◆ Aim of the task: Transcribe all the records exactly and omit any images they hold.
____________
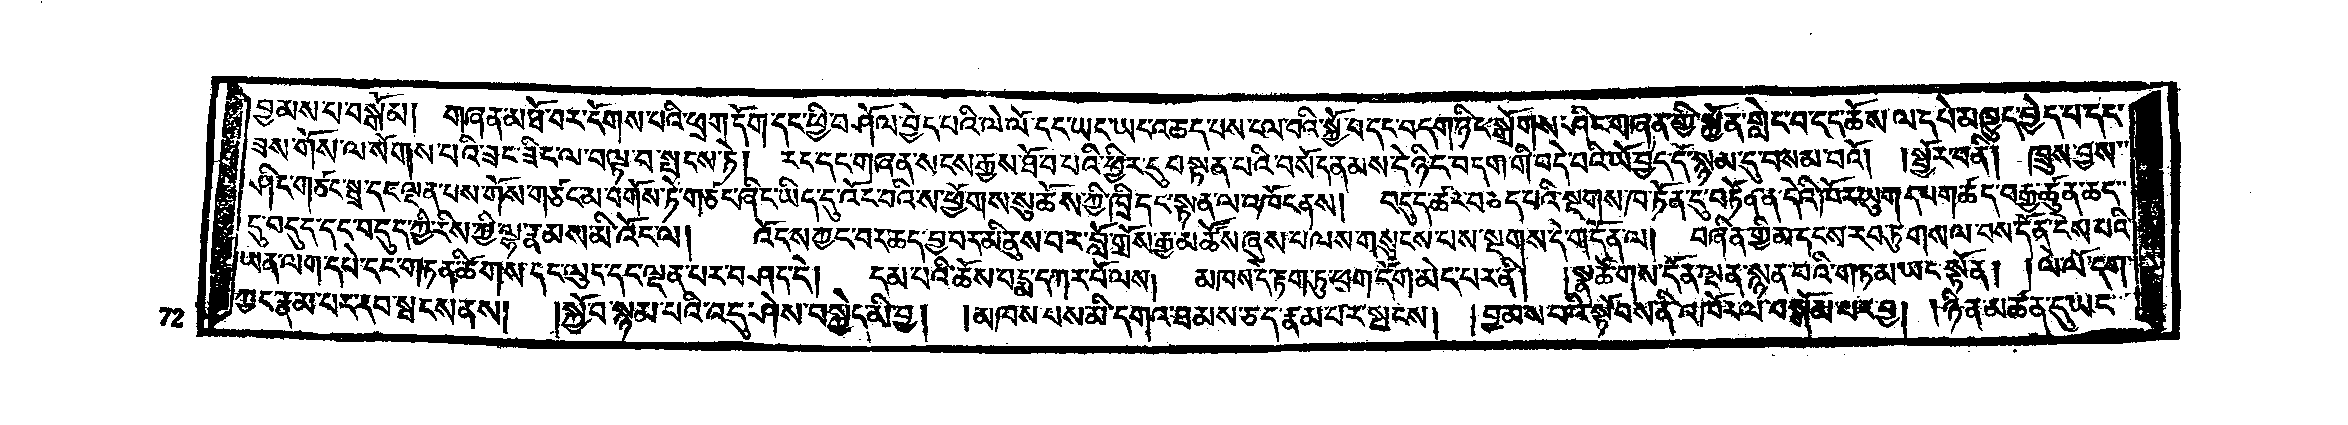བྱམས་པ་བསྒོམ། གཞན་མཐོ་བར་དོགས་པའི་ཕྲག་དོག་དང་ཕྱི་བཤོལ་བྱེད་པའི་ལེ་ལོ་དང་ཡང་ཡང་འཆད་པས་ངལ་བའི་སྐྱོ་བ་དང་བདག་ཉིད་སྒྲོགས་ཤིང་གཞན་གྱི་སྐྱོན་གླེང་བ་དང་ཆོས་ལ་དཔེ་མཁྱུད་བྱེད་པ་དང་
ཟས་གོས་ལ་སོགས་པའི་ཟང་ཟིང་ལ་བལྟ་བ་སྤངས་ཏེ། རང་དང་གཞན་སངས་རྒྱས་ཐོབ་པའི་ཕྱིར་དུ་བསྟན་པའི་བསོད་ནམས་དེ་ཉིད་བདག་གི་བདེ་བའི་ཡོ་བྱད་དོ་སྙམ་དུ་བསམ་པའོ། །སྦྱོར་བ་ནི། ཁྲུས་བྱས་
ཤིང་གཙང་སྦྲ་དང་ལྡན་པས་གོས་གཙང་མ་བགོས་ཏེ་གཙང་ཞིང་ཡིད་དུ་འོང་བའི་ས་ཕྱོགས་སུ་ཆོས་ཀྱི་ཁྲི་དང་སྟན་ལ་འཁོད་ནས། བདུད་ཚར་བཅད་པའི་སྔགས་ཁ་ཏོན་དུ་བཏོན་ན་དེའི་ཁོར་ཡུག་དཔག་ཚད་བརྒྱ་ཚུན་ཆད་
དུ་བདུད་དང་བདུད་ཀྱི་རིས་ཀྱི་ལྷ་རྣམས་མི་འོང་ལ། འོངས་ཀྱང་བར་ཆད་བྱ་བར་མི་ནུས་པར་བློ་གྲོས་རྒྱ་མཚོས་ཞུས་པ་ལས་གསུངས་པས་སྔགས་དེ་གདོན་ལ། བཞིན་གྱི་མདངས་རབ་ཏུ་གསལ་བས་དོན་ངེས་པའི་
ཡན་ལག་དཔེ་དང་གཏན་ཚིགས་དང་ལུང་དང་ལྡན་པར་བཤད་དེ། དམ་པའི་ཆོས་པདམ་དཀར་པོ་ལས། མཁས་དེ་རྟག་ཏུ་ཕྲག་དོག་མེད་པར་ནི། །སྣ་ཚོགས་དོན་ལྡན་སྙན་པའི་གཏམ་ཡང་སྟོན། །ལེ་ལོ་དག་
ཀྱང་རྣམ་པར་རབ་སྤངས་ནས། །སྐྱོ་བ་སྙམ་པའི་འདུ་ཤེས་བསྐྱེད་མི་བྱ། །མཁས་པས་མི་དགའ་ཐམས་ཅད་རྣམ་པར་སྤངས། །བྱམས་པའི་སྟོབས་ནི་འཁོར་ལ་བསྒོམ་པར་བྱ། །ཉིན་མཚན་དུ་ཡང་
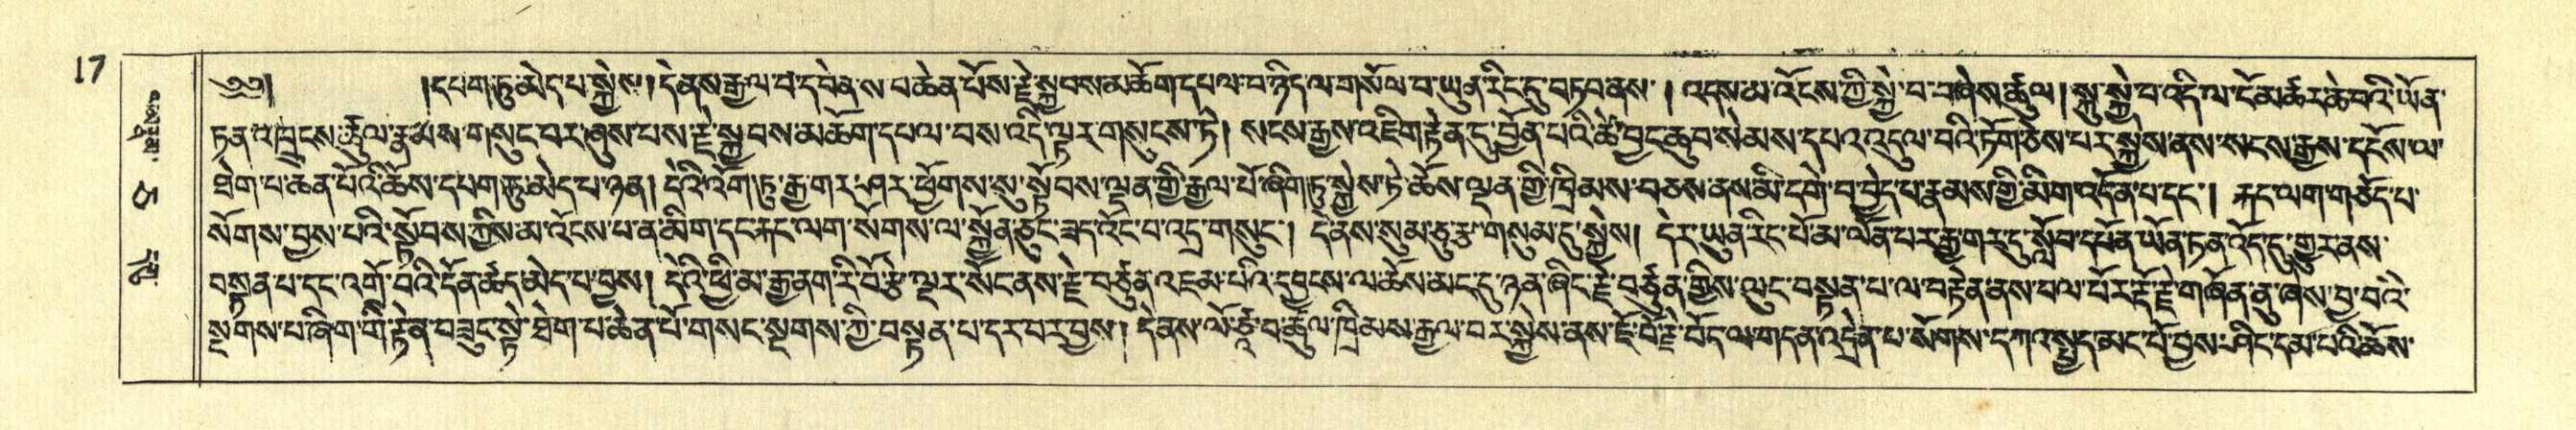༄༅། །དཔག་ཏུ་མེད་པ་སྐྱེས། དེ་ནས་རྒྱལ་བ་དབེན་ས་པ་ཆེན་པོས་རྗེ་སྐྱབས་མཆོག་དཔལ་བ་ཉིད་ལ་གསོལ་བ་ཡུན་རིང་དུ་བཏབ་ནས། འདས་མ་འོངས་ཀྱི་སྐྱེ་བ་བཞེས་ཚུལ། སྐུ་སྐྱེ་བ་འདི་ལ་ངོ་མཚར་ཆེ་བའི་ཡོན་
ཏན་འཁྲུངས་ཚུལ་རྣམས་གསུང་པར་ཞུས་པས་རྗེ་སྐྱབས་མཆོག་དཔལ་བས་འདི་ལྟར་གསུངས་ཏེ། སངས་རྒྱས་འཇིག་རྟེན་དུ་བྱོན་པའི་ཚེ་བྱང་ཆུབ་སེམས་དཔའ་འདུལ་བའི་ཏོག་ཅེས་པར་སྐྱེས་ནས་སངས་རྒྱས་དངོས་ལ་
ཐེག་པ་ཆན་པོའི་ཆོས་དཔག་ཏུ་མེད་པ་ཉན། དེའི་འོག་ཏུ་རྒྱ་གར་ཤར་ཕྱོགས་སུ་སྟོབས་ལྡན་གྱི་རྒྱལ་པོ་ཞིག་ཏུ་སྐྱེས་ཏེ་ཆོས་ལྡན་གྱི་ཁྲིམས་བཅས་ནས་མི་དགེ་བ་བྱེད་པ་རྣམས་གྱི་མིག་འདོན་པ་དང་། རྐང་ལག་གཅོད་པ་
སོགས་བྱས་པའི་སྟོབས་ཀྱིས་མ་འོངས་པ་ན་མིག་དང་རྐང་ལག་སོགས་ལ་སྐྱོན་ཅུང་ཟད་འོང་བ་འདྲ་གསུང་། དེ་ནས་སུམ་ཅུ་རྩ་གསུམ་དུ་སྐྱེས། དེར་ཡུན་རིང་པོ་མ་ལོན་པར་རྒྱ་གར་དུ་སློབ་དཔོན་ཡོན་ཏན་འོད་དུ་གྱུར་ནས་
བསྟན་པ་དང་འགྲོ་བའི་དོན་ཚད་མེད་པ་བྱས། དེའི་ཕྱི་མ་རྒྱ་ནག་རི་བོ་རྩེ་ལྔར་སོང་ནས་རྗེ་བཙུན་འཇམ་པའི་དབྱངས་ལ་ཆོས་མང་དུ་ཉན་ཞིང་རྗེ་བཙུན་གྱིས་ལུང་བསྟན་པ་ལ་བརྟེན་ནས་བལ་པོར་རྡོ་རྗེ་གཞོན་ནུ་ཞེས་བྱ་བའི་
སྔགས་པ་ཞིག་གི་རྟེན་བཟུང་སྟེ་ཐེག་པ་ཆེན་པོ་གསང་སྔགས་ཀྱི་བསྟན་པ་དར་བར་བྱས། དེ་ནས་ལོ་ཙཱ་བ་ཚུལ་ཁྲིམས་རྒྱལ་བར་སྐྱེས་ནས་ཇོ་བོ་རྗེ་བོད་ལ་གདན་འདྲེན་པ་སོགས་དཀའ་སྤྱད་མང་པོ་བྱས་ཤིང་དམ་པའི་ཆོས་
____________
◆ Answer to this task:
བྱམས་པ་བསྒོམ། གཞན་མཐོ་བར་དོགས་པའི་ཕྲག་དོག་དང་ཕྱི་བཤོལ་བྱེད་པའི་ལེ་ལོ་དང་ཡང་ཡང་འཆད་པས་ངལ་བའི་སྐྱོ་བ་དང་བདག་ཉིད་སྒྲོགས་ཤིང་གཞན་གྱི་སྐྱོན་གླེང་བ་དང་ཆོས་ལ་དཔེ་མཁྱུད་བྱེད་པ་དང་
ཟས་གོས་ལ་སོགས་པའི་ཟང་ཟིང་ལ་བལྟ་བ་སྤངས་ཏེ། རང་དང་གཞན་སངས་རྒྱས་ཐོབ་པའི་ཕྱིར་དུ་བསྟན་པའི་བསོད་ནམས་དེ་ཉིད་བདག་གི་བདེ་བའི་ཡོ་བྱད་དོ་སྙམ་དུ་བསམ་པའོ། །སྦྱོར་བ་ནི། ཁྲུས་བྱས་
ཤིང་གཙང་སྦྲ་དང་ལྡན་པས་གོས་གཙང་མ་བགོས་ཏེ་གཙང་ཞིང་ཡིད་དུ་འོང་བའི་ས་ཕྱོགས་སུ་ཆོས་ཀྱི་ཁྲི་དང་སྟན་ལ་འཁོད་ནས། བདུད་ཚར་བཅད་པའི་སྔགས་ཁ་ཏོན་དུ་བཏོན་ན་དེའི་ཁོར་ཡུག་དཔག་ཚད་བརྒྱ་ཚུན་ཆད་
དུ་བདུད་དང་བདུད་ཀྱི་རིས་ཀྱི་ལྷ་རྣམས་མི་འོང་ལ། འོངས་ཀྱང་བར་ཆད་བྱ་བར་མི་ནུས་པར་བློ་གྲོས་རྒྱ་མཚོས་ཞུས་པ་ལས་གསུངས་པས་སྔགས་དེ་གདོན་ལ། བཞིན་གྱི་མདངས་རབ་ཏུ་གསལ་བས་དོན་ངེས་པའི་
ཡན་ལག་དཔེ་དང་གཏན་ཚིགས་དང་ལུང་དང་ལྡན་པར་བཤད་དེ། དམ་པའི་ཆོས་པདམ་དཀར་པོ་ལས། མཁས་དེ་རྟག་ཏུ་ཕྲག་དོག་མེད་པར་ནི། །སྣ་ཚོགས་དོན་ལྡན་སྙན་པའི་གཏམ་ཡང་སྟོན། །ལེ་ལོ་དག་
ཀྱང་རྣམ་པར་རབ་སྤངས་ནས། །སྐྱོ་བ་སྙམ་པའི་འདུ་ཤེས་བསྐྱེད་མི་བྱ། །མཁས་པས་མི་དགའ་ཐམས་ཅད་རྣམ་པར་སྤངས། །བྱམས་པའི་སྟོབས་ནི་འཁོར་ལ་བསྒོམ་པར་བྱ། །ཉིན་མཚན་དུ་ཡང་
༄༅། །དཔག་ཏུ་མེད་པ་སྐྱེས། དེ་ནས་རྒྱལ་བ་དབེན་ས་པ་ཆེན་པོས་རྗེ་སྐྱབས་མཆོག་དཔལ་བ་ཉིད་ལ་གསོལ་བ་ཡུན་རིང་དུ་བཏབ་ནས། འདས་མ་འོངས་ཀྱི་སྐྱེ་བ་བཞེས་ཚུལ། སྐུ་སྐྱེ་བ་འདི་ལ་ངོ་མཚར་ཆེ་བའི་ཡོན་
ཏན་འཁྲུངས་ཚུལ་རྣམས་གསུང་པར་ཞུས་པས་རྗེ་སྐྱབས་མཆོག་དཔལ་བས་འདི་ལྟར་གསུངས་ཏེ། སངས་རྒྱས་འཇིག་རྟེན་དུ་བྱོན་པའི་ཚེ་བྱང་ཆུབ་སེམས་དཔའ་འདུལ་བའི་ཏོག་ཅེས་པར་སྐྱེས་ནས་སངས་རྒྱས་དངོས་ལ་
ཐེག་པ་ཆན་པོའི་ཆོས་དཔག་ཏུ་མེད་པ་ཉན། དེའི་འོག་ཏུ་རྒྱ་གར་ཤར་ཕྱོགས་སུ་སྟོབས་ལྡན་གྱི་རྒྱལ་པོ་ཞིག་ཏུ་སྐྱེས་ཏེ་ཆོས་ལྡན་གྱི་ཁྲིམས་བཅས་ནས་མི་དགེ་བ་བྱེད་པ་རྣམས་གྱི་མིག་འདོན་པ་དང་། རྐང་ལག་གཅོད་པ་
སོགས་བྱས་པའི་སྟོབས་ཀྱིས་མ་འོངས་པ་ན་མིག་དང་རྐང་ལག་སོགས་ལ་སྐྱོན་ཅུང་ཟད་འོང་བ་འདྲ་གསུང་། དེ་ནས་སུམ་ཅུ་རྩ་གསུམ་དུ་སྐྱེས། དེར་ཡུན་རིང་པོ་མ་ལོན་པར་རྒྱ་གར་དུ་སློབ་དཔོན་ཡོན་ཏན་འོད་དུ་གྱུར་ནས་
བསྟན་པ་དང་འགྲོ་བའི་དོན་ཚད་མེད་པ་བྱས། དེའི་ཕྱི་མ་རྒྱ་ནག་རི་བོ་རྩེ་ལྔར་སོང་ནས་རྗེ་བཙུན་འཇམ་པའི་དབྱངས་ལ་ཆོས་མང་དུ་ཉན་ཞིང་རྗེ་བཙུན་གྱིས་ལུང་བསྟན་པ་ལ་བརྟེན་ནས་བལ་པོར་རྡོ་རྗེ་གཞོན་ནུ་ཞེས་བྱ་བའི་
སྔགས་པ་ཞིག་གི་རྟེན་བཟུང་སྟེ་ཐེག་པ་ཆེན་པོ་གསང་སྔགས་ཀྱི་བསྟན་པ་དར་བར་བྱས། དེ་ནས་ལོ་ཙཱ་བ་ཚུལ་ཁྲིམས་རྒྱལ་བར་སྐྱེས་ནས་ཇོ་བོ་རྗེ་བོད་ལ་གདན་འདྲེན་པ་སོགས་དཀའ་སྤྱད་མང་པོ་བྱས་ཤིང་དམ་པའི་ཆོས་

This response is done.